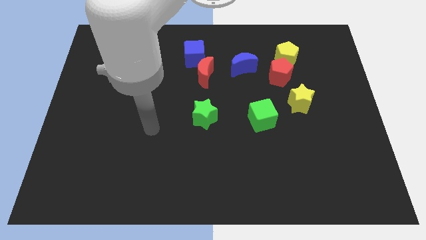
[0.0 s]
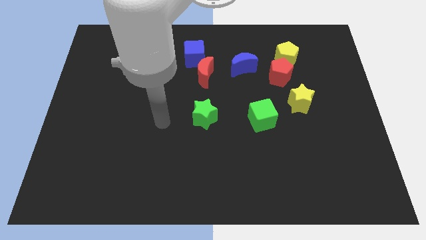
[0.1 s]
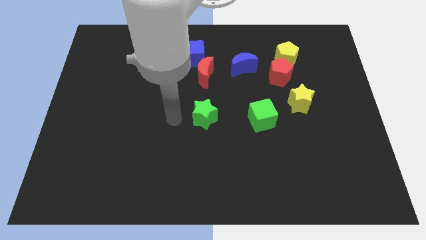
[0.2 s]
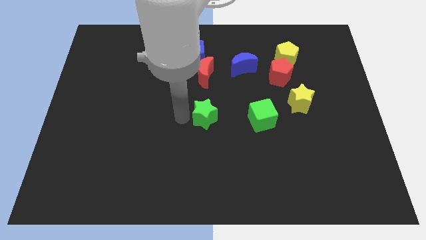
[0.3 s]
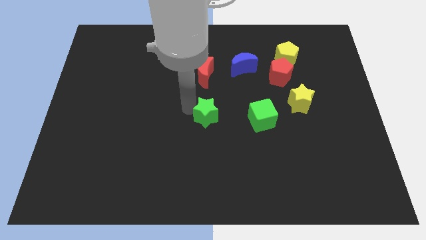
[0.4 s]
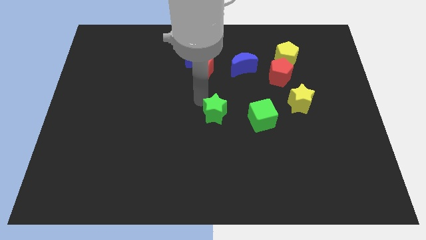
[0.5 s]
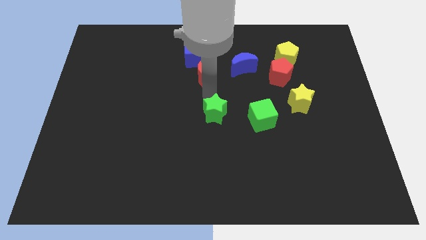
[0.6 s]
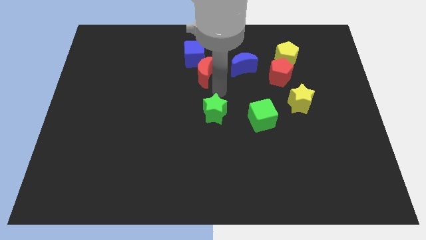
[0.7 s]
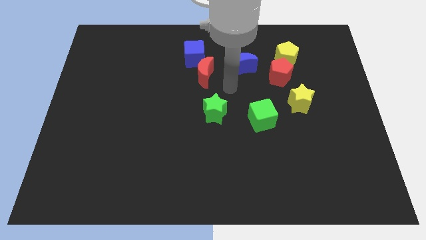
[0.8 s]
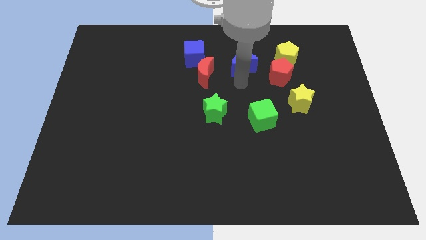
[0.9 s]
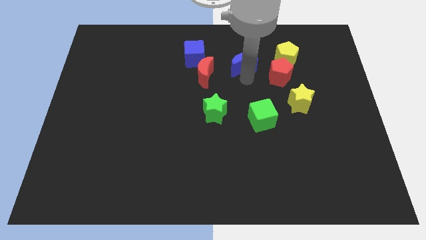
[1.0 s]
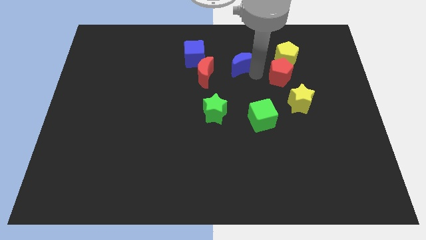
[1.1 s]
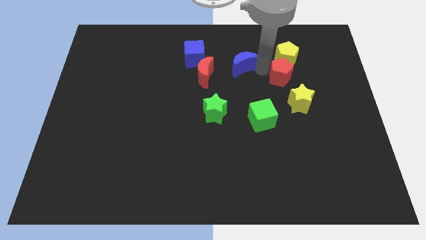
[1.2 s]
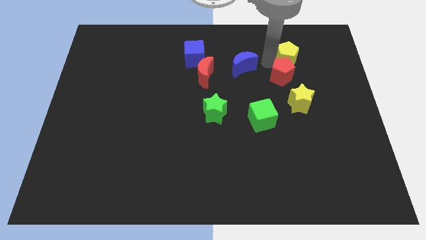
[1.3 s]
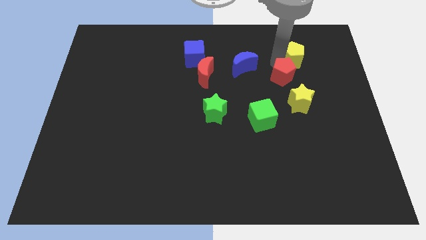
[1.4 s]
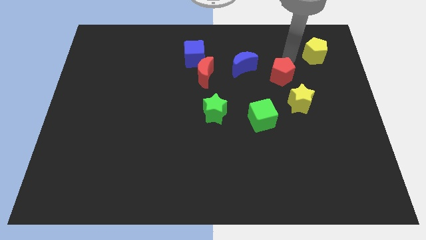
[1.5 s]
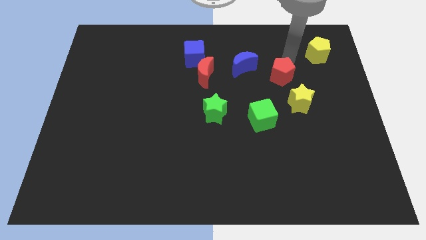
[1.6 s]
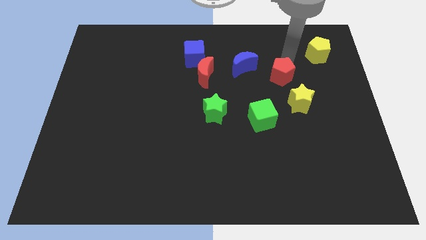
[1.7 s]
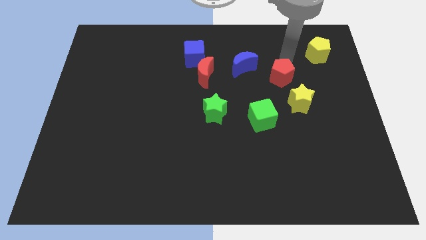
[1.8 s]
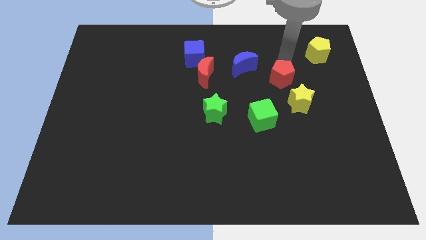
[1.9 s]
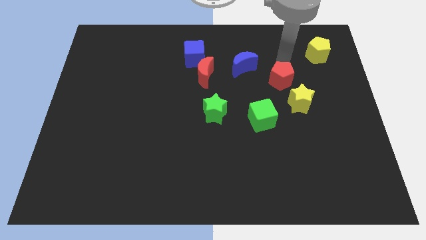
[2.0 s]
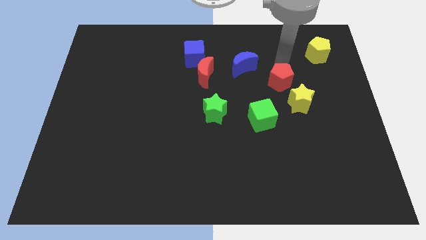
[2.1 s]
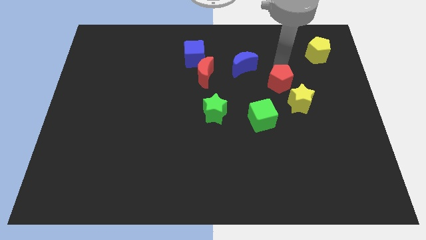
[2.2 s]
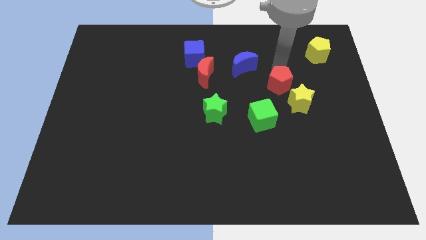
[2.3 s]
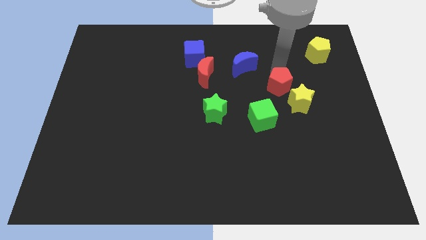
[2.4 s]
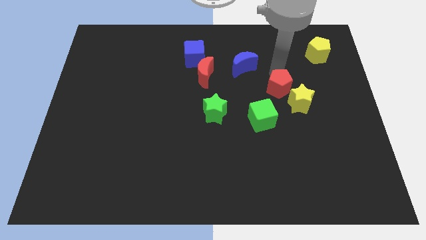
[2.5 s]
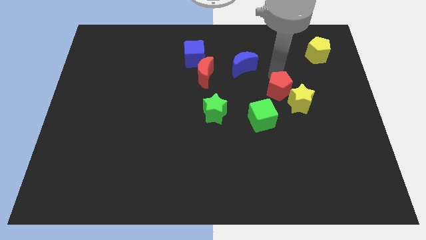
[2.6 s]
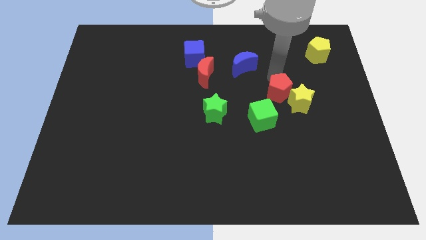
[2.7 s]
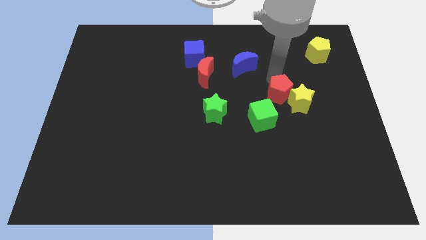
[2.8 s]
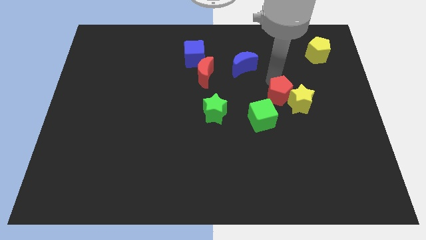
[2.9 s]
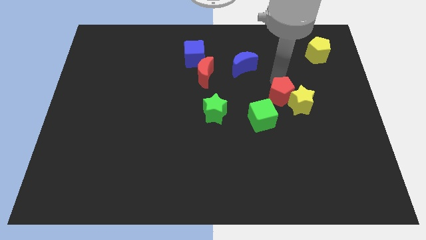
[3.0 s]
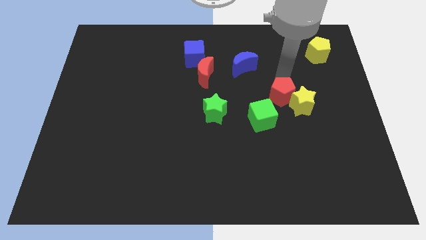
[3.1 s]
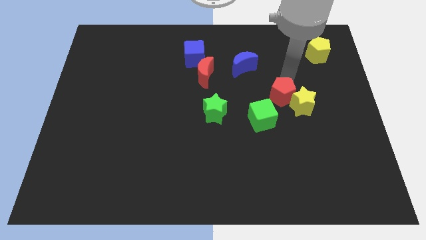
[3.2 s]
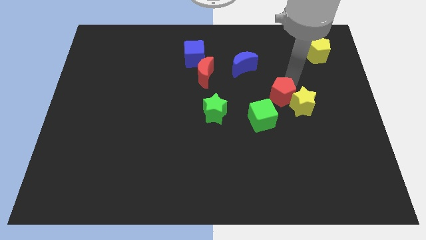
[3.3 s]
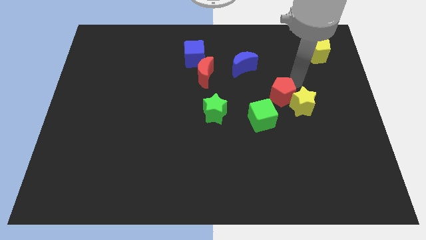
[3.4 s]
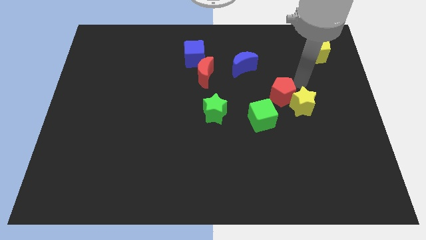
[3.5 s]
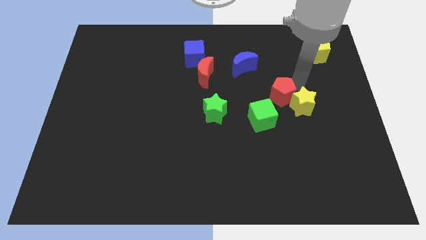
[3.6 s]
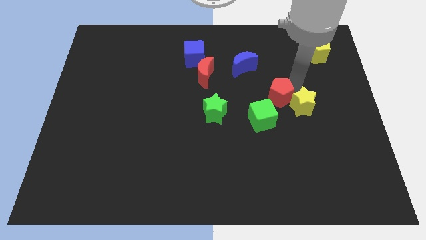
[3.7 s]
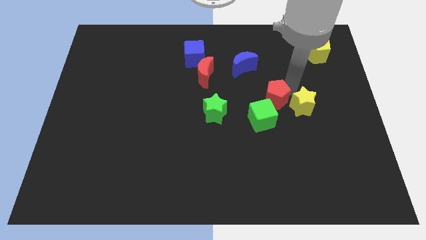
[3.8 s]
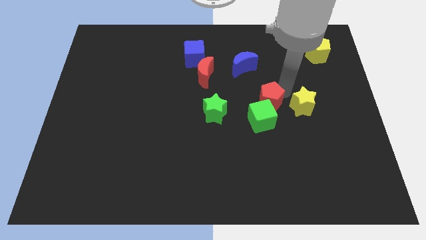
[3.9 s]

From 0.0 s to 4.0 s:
move the red pentagon close to the green cube

▸ TRY IT:
The entries above should be reproduced exactly, without their pictures.

▸ PROBLEM SOLUTION:
[0.0 s]
[0.1 s]
[0.2 s]
[0.3 s]
[0.4 s]
[0.5 s]
[0.6 s]
[0.7 s]
[0.8 s]
[0.9 s]
[1.0 s]
[1.1 s]
[1.2 s]
[1.3 s]
[1.4 s]
[1.5 s]
[1.6 s]
[1.7 s]
[1.8 s]
[1.9 s]
[2.0 s]
[2.1 s]
[2.2 s]
[2.3 s]
[2.4 s]
[2.5 s]
[2.6 s]
[2.7 s]
[2.8 s]
[2.9 s]
[3.0 s]
[3.1 s]
[3.2 s]
[3.3 s]
[3.4 s]
[3.5 s]
[3.6 s]
[3.7 s]
[3.8 s]
[3.9 s]

From 0.0 s to 4.0 s:
move the red pentagon close to the green cube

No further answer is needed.